Tuesday, November 16, 2010

Justice denied?

I was disappointed to hear Ken Clarke on the PM programme yesterday evening, happy that Labour hadn't criticised his slashing cuts to legal aid and I wondered why we hadn't. Partly that will be because we were considering similar changes, but there will also be a significant lack of knowledge of the detail - the Guardian's law correspondent was essentially locked in the Ministry of Justice and had to distil 500 pages of text to find the changes. It is also true to say that defending fat cat lawyers is a challenging task at the best of times, more so when we are being forced to swallow cuts that will push families onto the street.

Changes are happening so fast at the moment that the very devil is in all the details - the impact of the welfare changes proposed last week will take some time to work out even for specialists - and we may not grasp the full import until all the adjustments and cuts have been implemented. On the positive side, legal aid has been retained for some of the most difficult cases - asylum issues, judicial review or cases involving forced marriage, domestic violence and children at risk of being taken into care, but that doesn't mean that people won't suffer. And it won't be the rich.

In these difficult times, finding support to argue against cuts in legal aid is difficult - there is an image of a gravy train for the lawyers (well represented in parliament, you will note) and of a 'compensation culture', an image that it suits the coalition government to sustain. However, as the Guardian puts it
There will be 547,000 fewer people each year getting help to resolve legal cases that matter to them and who can't afford their own legal advice. Many of them will be about family matters but they will also involve redundancy, housing, and debt which are all bound to get worse in the public sector squeeze.
A tip - get those union subs paid up. If the worst comes to the worst, all unions can offer workplace advice and many will also throw in some broader legal advice as well. The thing about access to justice is that it is an easy cut to make - right up until the point that you find you need it and you are blocked.

Nicholas Green is the chairman of the Bar Council and he is supportive, given the economic demands afflicting the country, but wants some security for the future and isn't without concerns.
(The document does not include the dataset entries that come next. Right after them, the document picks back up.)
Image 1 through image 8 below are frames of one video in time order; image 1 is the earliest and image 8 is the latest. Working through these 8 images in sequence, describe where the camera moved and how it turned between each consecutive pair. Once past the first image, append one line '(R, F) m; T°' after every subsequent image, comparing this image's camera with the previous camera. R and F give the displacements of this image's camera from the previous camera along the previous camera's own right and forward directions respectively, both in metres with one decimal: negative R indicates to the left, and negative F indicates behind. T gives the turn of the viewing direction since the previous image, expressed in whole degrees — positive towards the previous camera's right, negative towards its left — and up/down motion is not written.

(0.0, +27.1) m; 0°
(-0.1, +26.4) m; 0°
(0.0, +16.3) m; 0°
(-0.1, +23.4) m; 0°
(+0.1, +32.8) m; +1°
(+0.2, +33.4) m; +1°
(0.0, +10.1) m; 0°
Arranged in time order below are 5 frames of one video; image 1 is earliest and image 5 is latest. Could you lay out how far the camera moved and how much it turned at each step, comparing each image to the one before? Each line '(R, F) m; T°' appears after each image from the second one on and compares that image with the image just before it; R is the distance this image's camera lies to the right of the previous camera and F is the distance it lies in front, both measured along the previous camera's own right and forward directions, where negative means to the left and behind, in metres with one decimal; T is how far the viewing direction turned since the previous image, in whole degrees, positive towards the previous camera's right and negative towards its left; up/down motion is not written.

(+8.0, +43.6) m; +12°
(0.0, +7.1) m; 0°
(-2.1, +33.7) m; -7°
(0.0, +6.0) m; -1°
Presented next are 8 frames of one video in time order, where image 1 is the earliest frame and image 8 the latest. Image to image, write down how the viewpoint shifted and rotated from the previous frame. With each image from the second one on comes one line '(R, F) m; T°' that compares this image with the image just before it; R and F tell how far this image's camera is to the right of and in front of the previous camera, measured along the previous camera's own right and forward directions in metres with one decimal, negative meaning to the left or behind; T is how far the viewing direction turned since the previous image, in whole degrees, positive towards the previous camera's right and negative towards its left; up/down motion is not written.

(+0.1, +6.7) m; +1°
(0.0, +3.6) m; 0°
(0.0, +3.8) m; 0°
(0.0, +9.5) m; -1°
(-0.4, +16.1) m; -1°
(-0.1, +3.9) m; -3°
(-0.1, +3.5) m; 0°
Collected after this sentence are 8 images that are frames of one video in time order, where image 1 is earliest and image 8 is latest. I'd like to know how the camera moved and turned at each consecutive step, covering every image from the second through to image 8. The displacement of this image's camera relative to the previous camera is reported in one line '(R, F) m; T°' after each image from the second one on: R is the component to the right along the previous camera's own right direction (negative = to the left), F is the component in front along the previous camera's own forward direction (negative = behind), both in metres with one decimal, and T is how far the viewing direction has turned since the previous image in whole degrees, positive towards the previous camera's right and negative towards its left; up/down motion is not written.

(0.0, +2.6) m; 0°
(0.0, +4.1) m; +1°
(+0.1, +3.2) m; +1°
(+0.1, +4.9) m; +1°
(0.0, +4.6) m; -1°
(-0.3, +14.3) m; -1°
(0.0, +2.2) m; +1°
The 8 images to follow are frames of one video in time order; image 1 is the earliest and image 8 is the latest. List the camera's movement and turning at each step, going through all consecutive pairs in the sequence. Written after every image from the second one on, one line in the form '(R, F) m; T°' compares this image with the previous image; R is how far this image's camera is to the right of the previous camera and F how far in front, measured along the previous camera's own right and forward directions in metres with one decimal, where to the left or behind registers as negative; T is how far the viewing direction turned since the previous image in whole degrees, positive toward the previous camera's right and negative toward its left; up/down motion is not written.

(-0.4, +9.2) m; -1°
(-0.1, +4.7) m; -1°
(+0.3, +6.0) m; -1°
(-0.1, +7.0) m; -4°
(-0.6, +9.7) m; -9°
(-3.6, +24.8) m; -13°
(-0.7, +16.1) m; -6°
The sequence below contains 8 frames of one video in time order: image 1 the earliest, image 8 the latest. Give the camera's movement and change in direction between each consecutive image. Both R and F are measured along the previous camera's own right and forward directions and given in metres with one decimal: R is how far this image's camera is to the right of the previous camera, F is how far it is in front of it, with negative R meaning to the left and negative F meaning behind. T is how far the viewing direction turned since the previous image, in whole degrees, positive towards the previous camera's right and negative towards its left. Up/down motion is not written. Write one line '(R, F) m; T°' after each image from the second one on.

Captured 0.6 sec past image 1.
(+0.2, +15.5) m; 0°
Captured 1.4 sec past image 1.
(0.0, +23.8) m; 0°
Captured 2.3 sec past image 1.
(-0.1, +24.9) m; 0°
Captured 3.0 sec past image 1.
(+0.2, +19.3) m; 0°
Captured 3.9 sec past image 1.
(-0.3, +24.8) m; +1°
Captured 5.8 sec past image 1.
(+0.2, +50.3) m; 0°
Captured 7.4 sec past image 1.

I am sceptical that collectively they will save what the Treasury demands. If this is so, then it highlights the concern that flows from the fact that the cuts are Treasury-driven, not justice-driven. If, for instance, it takes longer to reduce prison costs, then where will the axe land in order to make up the shortfall? And how many further sections of the population will be denied access to the courts? My real concern is that at the end of four years the justice system will be in real crisis.

The new thresholds for legal aid will mean that many who must be described as poor will be denied legal assistance when they come into contact with the courts at crisis points in their lives about decisions going to the heart of their personal lives and those of their families. Legal aid will no longer be available for certain categories of cases involving education, immigration, employment, debt, and housing, all of which can involve very vulnerable people.

Justice delayed may be justice denied, but justice denied is no justice at all.